30 Days of Night, awesome vampire flick
not to be confused with this post, but I kind of know how this guy feels
Hurray, today is the last day of NaBloPoMo for November. I did it-insert small happy dance. No prizes for me or my inspiring blogger Jennifer over at Just Jennifer. (I read about the contest over there and have followed along with her month of posts.) I guess we will just have to accept blogging as its own reward. (although a short inspirational email from the coordinators wouldn't be unappreciated)
What to say about the experience?
I was a little surprised how easy it was. Other than a few tense moments last night trying to publish my post, Blogger ate it twice???, writing everyday was a breeze. No crushing writer's block. I went through most of the month with 5 or 6 posts in draft. Having ideas has never been my problem.
I finally learned how to properly use the scheduling button. Small feats of technical prowess.
I completely enjoyed writing everyday. Rather than running out of ideas, the more I wrote, read, browsed, the more things just poured out of my poor over stimulated brain. I had a lot of fun with the Perils of Paul, Sweet Saturday and Savoury Sunday, finally got to do some of the blogging and family research posts I wanted and followed along with my cousin's Tuesday Coffee Chat. Throw in a few others, the SOC post being my favourite, and it was done. I have ideas for at least another month of posts. But.....

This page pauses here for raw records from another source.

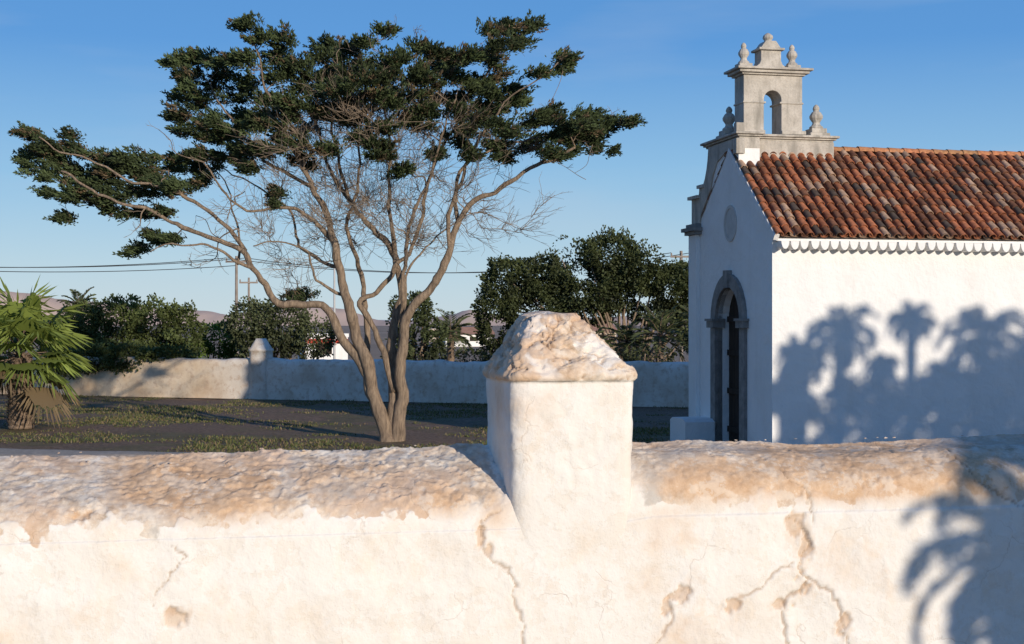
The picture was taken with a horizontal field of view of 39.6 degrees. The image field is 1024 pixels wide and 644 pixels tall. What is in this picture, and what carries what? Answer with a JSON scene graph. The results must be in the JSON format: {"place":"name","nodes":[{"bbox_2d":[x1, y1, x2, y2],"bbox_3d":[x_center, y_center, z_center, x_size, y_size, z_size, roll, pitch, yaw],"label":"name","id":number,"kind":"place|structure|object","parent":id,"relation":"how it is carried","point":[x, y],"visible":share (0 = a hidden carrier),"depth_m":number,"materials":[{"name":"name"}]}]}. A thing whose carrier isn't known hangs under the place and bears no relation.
{"place":"outdoors","nodes":[
{"label":"outdoors","id":0,"kind":"place"},
{"bbox_2d":[0,448,195,456],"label":"gravel path","id":1,"kind":"structure","parent":0,"point":[27,452],"depth_m":27.84,"materials":[{"name":"grey gravel"}]},
{"bbox_2d":[298,333,348,359],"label":"walls","id":2,"kind":"structure","parent":0,"point":[341,353],"depth_m":80.17,"materials":[{"name":"white paint"}]},
{"bbox_2d":[319,343,331,353],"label":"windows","id":3,"kind":"structure","parent":2,"relation":"attached to","point":[329,352],"depth_m":79.93,"materials":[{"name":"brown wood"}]},
{"bbox_2d":[0,291,683,325],"bbox_3d":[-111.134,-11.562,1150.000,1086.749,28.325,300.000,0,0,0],"label":"hill","id":4,"kind":"structure","parent":0,"point":[209,316],"depth_m":1017.64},
{"bbox_2d":[0,326,688,452],"bbox_3d":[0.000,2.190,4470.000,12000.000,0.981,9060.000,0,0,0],"label":"ground","id":5,"kind":"structure","parent":0,"point":[414,435],"depth_m":35.92,"materials":[{"name":"brown soil"}]},
{"bbox_2d":[0,301,35,362],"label":"fan palm","id":6,"kind":"object","parent":5,"relation":"on","point":[7,339],"visible":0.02,"depth_m":38.03,"materials":[{"name":"green plant"}]},
{"bbox_2d":[0,276,94,428],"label":"fan palm","id":7,"kind":"object","parent":5,"relation":"on","point":[27,322],"visible":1,"depth_m":34.34,"materials":[{"name":"green plant"}]},
{"bbox_2d":[56,286,104,321],"bbox_3d":[-16.742,0.611,54.980,1.941,3.979,1.854,0,0,0],"label":"feather palm","id":8,"kind":"object","parent":5,"relation":"on","point":[74,292],"visible":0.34,"depth_m":54.82,"materials":[{"name":"green plant"}]},
{"bbox_2d":[33,292,208,379],"bbox_3d":[-14.515,0.760,52.026,7.222,3.804,6.235,0,0,0],"label":"hedge shrub","id":9,"kind":"object","parent":5,"relation":"on","point":[130,338],"visible":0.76,"depth_m":52.79,"materials":[{"name":"green plant"}]},
{"bbox_2d":[181,319,247,358],"bbox_3d":[-11.818,1.255,55.940,3.089,2.792,1.720,0,0,0],"label":"shrub","id":10,"kind":"object","parent":5,"relation":"on","point":[226,350],"visible":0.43,"depth_m":55.57,"materials":[{"name":"green plant"}]},
{"bbox_2d":[225,256,245,355],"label":"utility pole","id":11,"kind":"object","parent":5,"relation":"on","point":[236,282],"visible":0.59,"depth_m":74.93,"materials":[{"name":"brown wood"}]},
{"bbox_2d":[0,253,688,272],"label":"power lines","id":12,"kind":"object","parent":11,"relation":"attached to","point":[224,266],"visible":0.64,"depth_m":72.53,"materials":[{"name":"black metal"}]},
{"bbox_2d":[239,278,257,357],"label":"utility pole","id":13,"kind":"object","parent":5,"relation":"on","point":[248,282],"visible":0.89,"depth_m":84.93,"materials":[{"name":"brown wood"}]},
{"bbox_2d":[248,338,273,398],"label":"pillar","id":14,"kind":"structure","parent":5,"relation":"on","point":[260,350],"depth_m":47.84,"materials":[{"name":"paint"}]},
{"bbox_2d":[221,295,339,359],"bbox_3d":[-8.833,0.806,53.949,4.605,3.686,2.256,0,0,0],"label":"shrub","id":15,"kind":"object","parent":5,"relation":"on","point":[263,324],"visible":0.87,"depth_m":53.54,"materials":[{"name":"green plant"}]},
{"bbox_2d":[8,9,647,441],"bbox_3d":[-4.261,-2.146,31.584,14.548,10.116,5.853,0,0,0],"label":"tree","id":16,"kind":"object","parent":5,"relation":"on","point":[342,87],"visible":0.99,"depth_m":31.06,"materials":[{"name":"green plant"}]},
{"bbox_2d":[333,268,335,358],"bbox_3d":[-7.743,-0.280,62.000,0.111,5.760,0.111,0,0,32],"label":"lamp post","id":17,"kind":"object","parent":5,"relation":"on","point":[334,351],"depth_m":61.96,"materials":[{"name":"metal"}]},
{"bbox_2d":[0,356,688,407],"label":"wall run","id":18,"kind":"structure","parent":5,"relation":"on","point":[661,384],"depth_m":47.22,"materials":[{"name":"paint"}]},
{"bbox_2d":[0,394,688,453],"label":"grass","id":19,"kind":"structure","parent":5,"relation":"on","point":[143,417],"depth_m":36.92,"materials":[{"name":"green plant"}]},
{"bbox_2d":[380,289,449,360],"bbox_3d":[-3.415,0.749,50.002,2.494,3.805,2.105,0,0,0],"label":"shrub","id":20,"kind":"object","parent":5,"relation":"on","point":[423,315],"visible":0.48,"depth_m":49.69,"materials":[{"name":"green plant"}]},
{"bbox_2d":[430,308,476,360],"bbox_3d":[-2.380,1.020,54.004,2.088,3.160,2.511,0,0,0],"label":"feather palm","id":21,"kind":"object","parent":5,"relation":"on","point":[452,335],"visible":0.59,"depth_m":53.86,"materials":[{"name":"green plant"}]},
{"bbox_2d":[416,347,491,361],"bbox_3d":[-2.534,1.846,59.863,4.216,1.663,2.291,0,0,0],"label":"shrub","id":22,"kind":"object","parent":5,"relation":"on","point":[485,356],"visible":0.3,"depth_m":59.44,"materials":[{"name":"green plant"}]},
{"bbox_2d":[443,327,494,346],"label":"farmhouse","id":23,"kind":"object","parent":5,"relation":"on","point":[470,330],"visible":0.19,"depth_m":150.15,"materials":[{"name":"white paint"}]},
{"bbox_2d":[469,225,688,361],"bbox_3d":[3.303,-0.640,57.283,10.027,6.653,3.475,0,0,0],"label":"broadleaf tree","id":24,"kind":"object","parent":5,"relation":"on","point":[556,286],"visible":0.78,"depth_m":56.57,"materials":[{"name":"green plant"}]},
{"bbox_2d":[596,327,618,355],"bbox_3d":[2.761,1.377,49.960,2.003,2.446,1.929,0,0,0],"label":"feather palm","id":25,"kind":"object","parent":5,"relation":"on","point":[599,331],"visible":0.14,"depth_m":49.91,"materials":[{"name":"green plant"}]},
{"bbox_2d":[603,315,655,361],"bbox_3d":[4.351,1.133,52.950,2.476,2.934,2.327,0,0,0],"label":"feather palm","id":26,"kind":"object","parent":5,"relation":"on","point":[626,337],"visible":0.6,"depth_m":52.75,"materials":[{"name":"green plant"}]},
{"bbox_2d":[623,321,688,361],"bbox_3d":[4.890,1.242,50.037,6.399,2.858,1.869,0,0,0],"label":"shrub","id":27,"kind":"object","parent":5,"relation":"on","point":[673,354],"visible":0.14,"depth_m":49.90,"materials":[{"name":"green plant"}]},
{"bbox_2d":[624,303,688,361],"bbox_3d":[5.378,0.943,51.900,2.523,3.314,2.798,0,0,-30],"label":"feather palm","id":28,"kind":"object","parent":5,"relation":"on","point":[659,339],"visible":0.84,"depth_m":51.80,"materials":[{"name":"green plant"}]},
{"bbox_2d":[665,305,688,343],"bbox_3d":[7.003,0.907,54.036,2.374,3.386,2.252,0,0,0],"label":"feather palm","id":29,"kind":"object","parent":5,"relation":"on","point":[685,315],"visible":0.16,"depth_m":53.94,"materials":[{"name":"green plant"}]},
{"bbox_2d":[670,251,688,361],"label":"utility pole","id":30,"kind":"object","parent":5,"relation":"on","point":[681,256],"visible":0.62,"depth_m":71.90,"materials":[{"name":"brown wood"}]},
{"bbox_2d":[670,33,1023,444],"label":"chapel","id":31,"kind":"structure","parent":5,"relation":"on","point":[842,294],"depth_m":27.89,"materials":[{"name":"paint"}]},
{"bbox_2d":[727,294,738,441],"bbox_3d":[4.706,0.950,29.251,0.078,3.300,1.380,0,0,-12],"label":"door","id":32,"kind":"structure","parent":31,"relation":"in","point":[733,352],"depth_m":29.60,"materials":[{"name":"brown wood"}]},
{"bbox_2d":[0,434,1023,643],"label":"plaster wall","id":33,"kind":"structure","parent":0,"point":[915,541],"depth_m":5.51,"materials":[{"name":"white paint"}]},
{"bbox_2d":[0,435,962,469],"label":"rubble","id":34,"kind":"object","parent":33,"relation":"on","point":[442,453],"visible":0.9,"depth_m":5.70,"materials":[{"name":"stone"}]},
{"bbox_2d":[482,311,637,554],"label":"pillar","id":35,"kind":"structure","parent":33,"relation":"on","point":[559,389],"depth_m":5.50,"materials":[{"name":"white paint"}]},
{"bbox_2d":[0,0,1023,319],"label":"sky","id":36,"kind":"structure","parent":0,"point":[912,74],"materials":[{"name":"blue"}]},
{"bbox_2d":[591,324,616,338],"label":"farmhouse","id":37,"kind":"object","parent":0,"point":[595,328],"visible":0.09,"depth_m":180.88,"materials":[{"name":"white paint"}]}
]}

I had no idea how much time it would take. I like to write, pen and paper write. Put a keyboard in front of me and all of a sudden things slow right down.... to a crawl. My nights for the last month have been taken up putting these grand ideas down. It represents hours and hours and hours of time. I've never been one of those jot down an awesome post in 15 minutes kind.
I write, spellcheck, curse Blogger's version of spellcheck because it really isn't spellchecking English as I know it, edit, cut, copy and paste that part over to here so it makes more sense, expand on that, re read then remove that because now the post is just getting way too long, preview, save as draft, then start all over again tomorrow before I actually publish or schedule to publish. I blame past high school and university profs for instilling essay writing skills so deeply in my brain.
Thank God I don't, as of yet, use any of the social media to push my blog. I don't tweet, stumble, link or any thing else or I would be sitting in front of my computer well into the new year.
Throw in reading other people's posts, dropping a comment here and there and all of a sudden enormous chunks of my night are just gone. This whole month has just flown by. My house looks like a hurricane swept through it, there is laundry to do, my recipe files have to be resorted after an unfortunate clumsy incident, Christmas decorating to be done, holiday baking not even started yet, no shopping for holiday baking, over 300 family emails to go through to sort out family data and pictures, 70 recipe emails to re write and eventually post and on and on and on. Strangely, life did not pause so I could take the month off and write. Damn.
I would love to write for a living, doing this has re affirmed that for me. I don't so unfortunately real life has got to re assert itself. I've got a bunch of catching up to do. Until Toronto goes through 30 days of night like Barrow (minus the vampire attack). I'm going to have to take a bit of a break and cut back on my online time. I'll miss it though. First thing on the adgenda, a night of beer and bad television.
How do you find the time to do your blog posts?